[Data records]
Start of Block
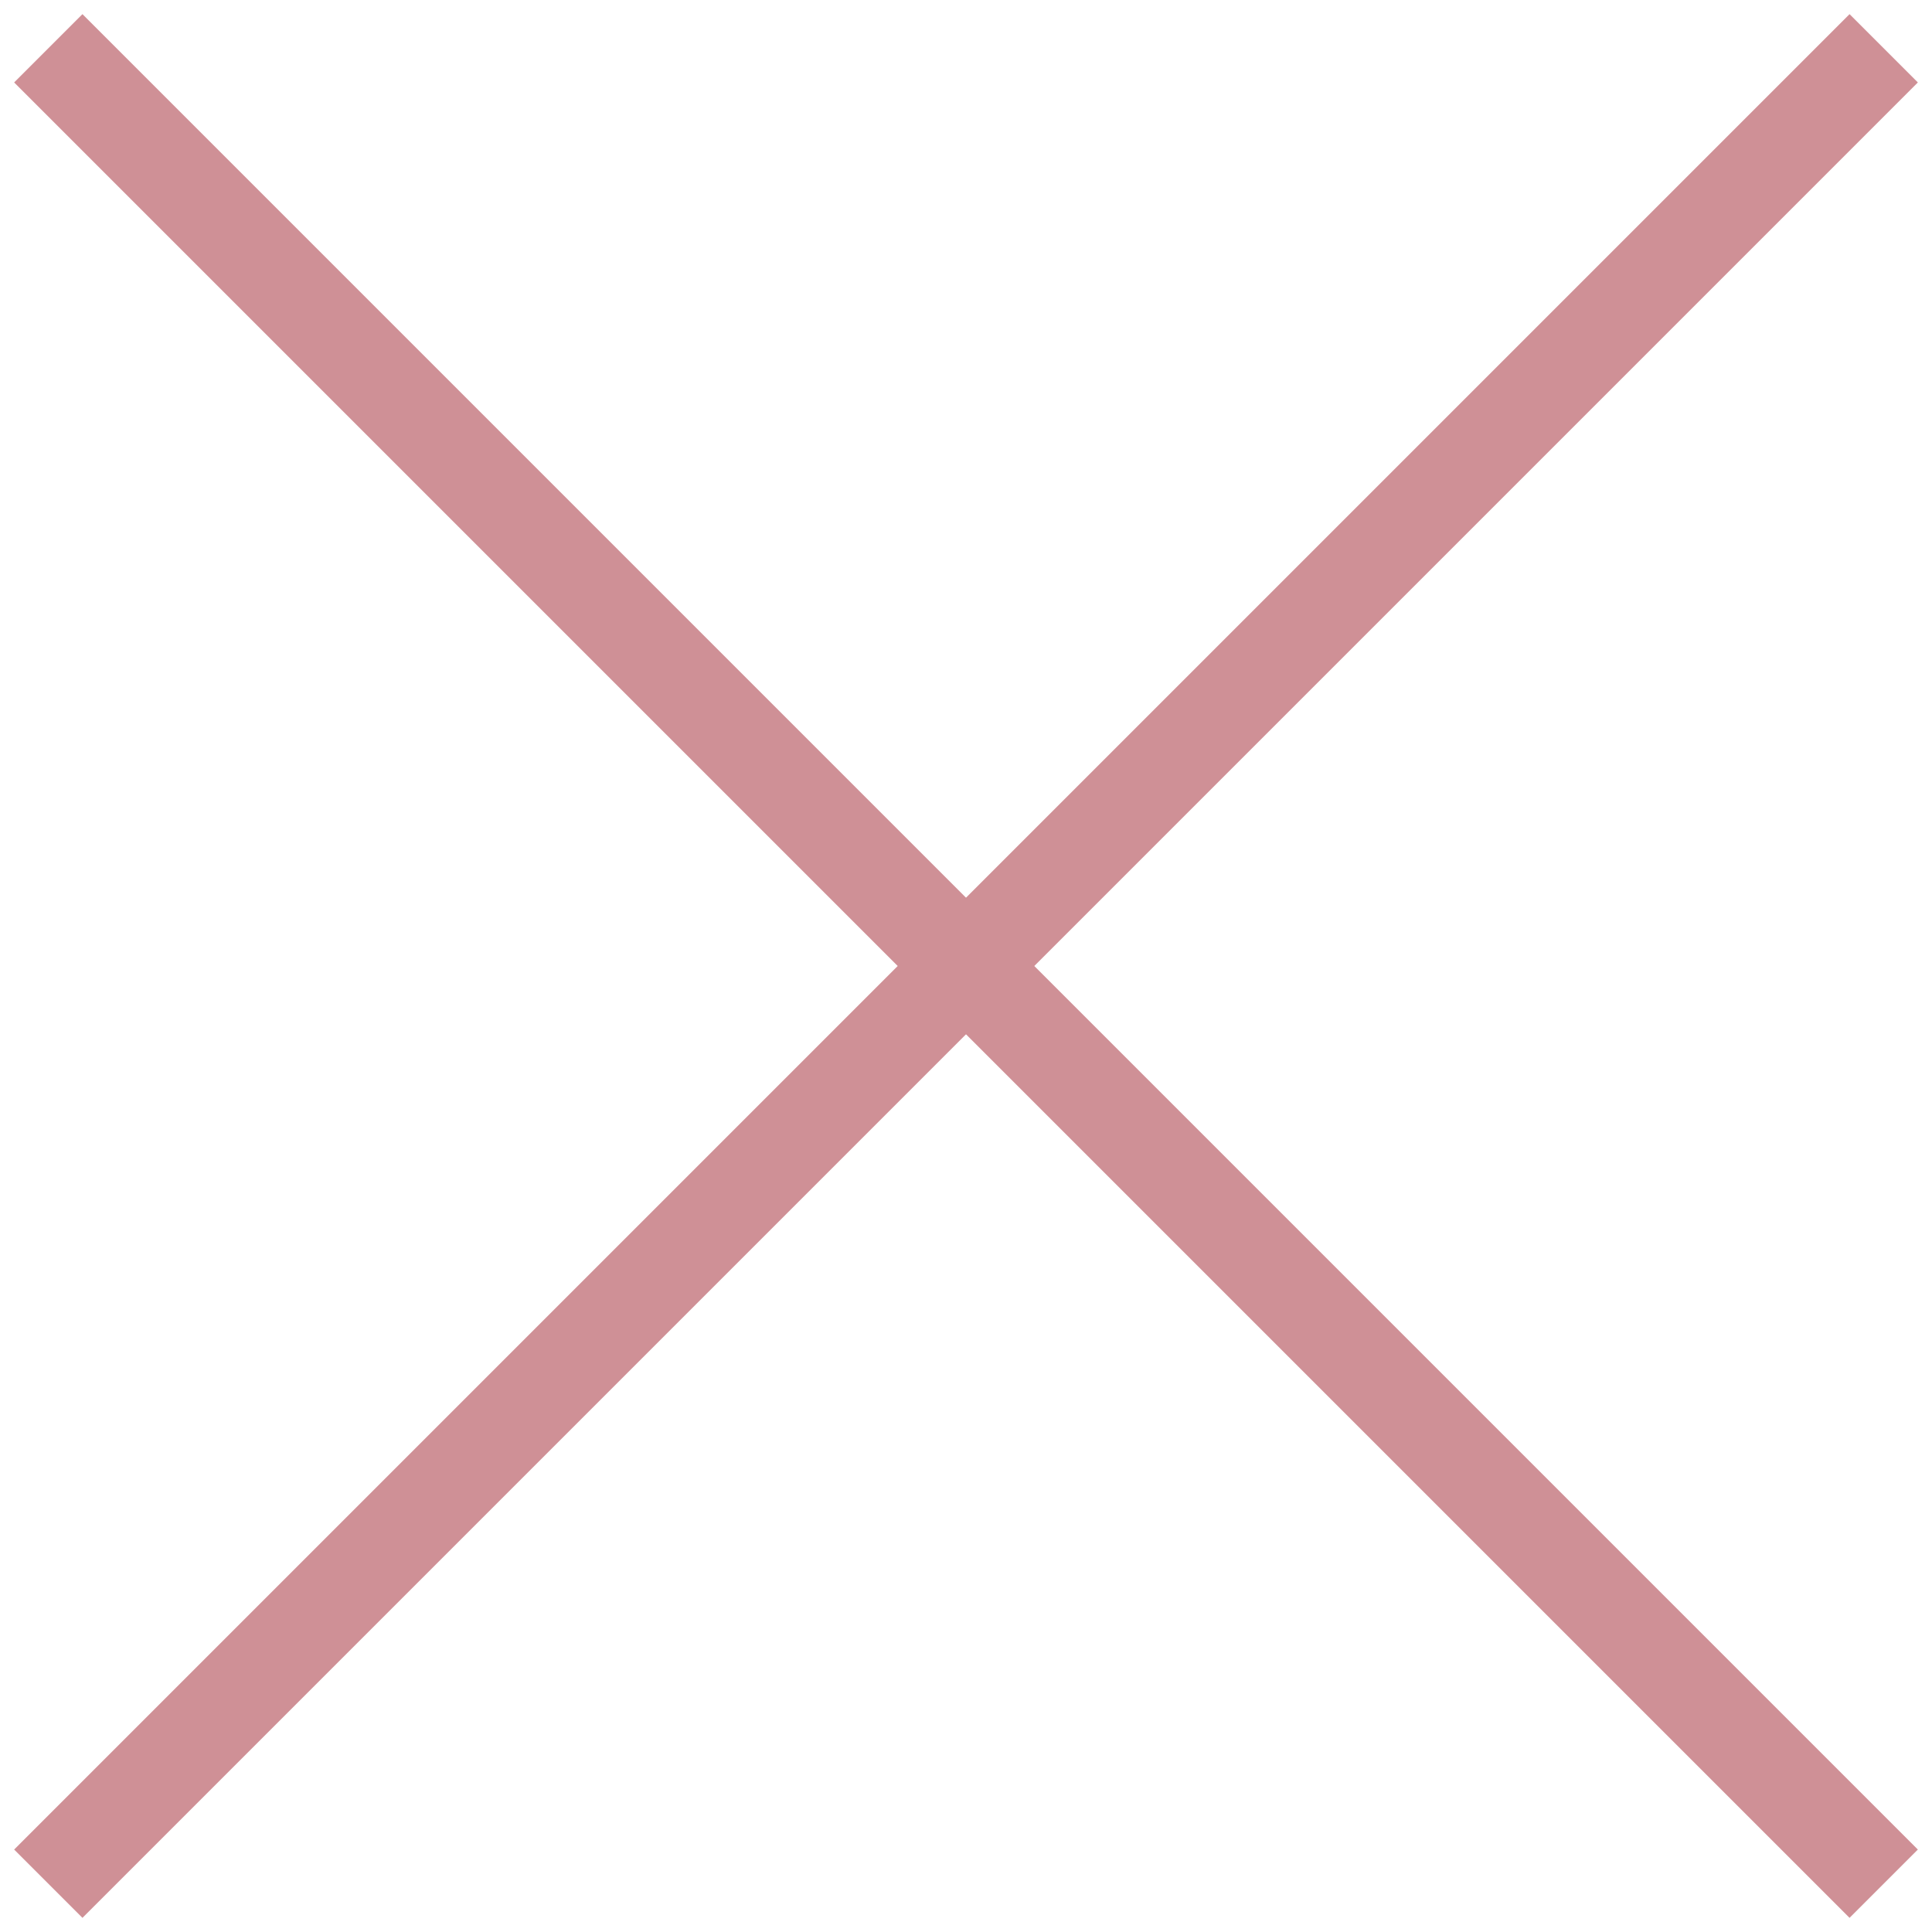 <?xml version="1.0" encoding="utf-8"?>
<!-- Generator: Adobe Illustrator 25.2.3, SVG Export Plug-In . SVG Version: 6.00 Build 0)  -->
<svg version="1.1" id="Ebene_1" xmlns="http://www.w3.org/2000/svg" xmlns:xlink="http://www.w3.org/1999/xlink" x="0px" y="0px"
	 width="40px" height="40px" viewBox="0 0 40 40" style="enable-background:new 0 0 40 40;" xml:space="preserve">
<style type="text/css">
	.st0{fill:none;stroke:#CF9096;stroke-width:2;stroke-miterlimit:10;}
</style>
<g>
	<line class="st0" x1="1" y1="1" x2="39" y2="39"/>
	<line class="st0" x1="1" y1="39" x2="39" y2="1"/>
</g>
</svg>
End of Block
§ Work to be completed
Every line of the data above is to be set down exactly; the pictures are not.

§ Task answer
 <?xml version="1.0" encoding="utf-8"?>
<!-- Generator: Adobe Illustrator 25.2.3, SVG Export Plug-In . SVG Version: 6.00 Build 0)  -->
<svg version="1.1" id="Ebene_1" xmlns="http://www.w3.org/2000/svg" xmlns:xlink="http://www.w3.org/1999/xlink" x="0px" y="0px"
	 width="40px" height="40px" viewBox="0 0 40 40" style="enable-background:new 0 0 40 40;" xml:space="preserve">
<style type="text/css">
	.st0{fill:none;stroke:#CF9096;stroke-width:2;stroke-miterlimit:10;}
</style>
<g>
	<line class="st0" x1="1" y1="1" x2="39" y2="39"/>
	<line class="st0" x1="1" y1="39" x2="39" y2="1"/>
</g>
</svg>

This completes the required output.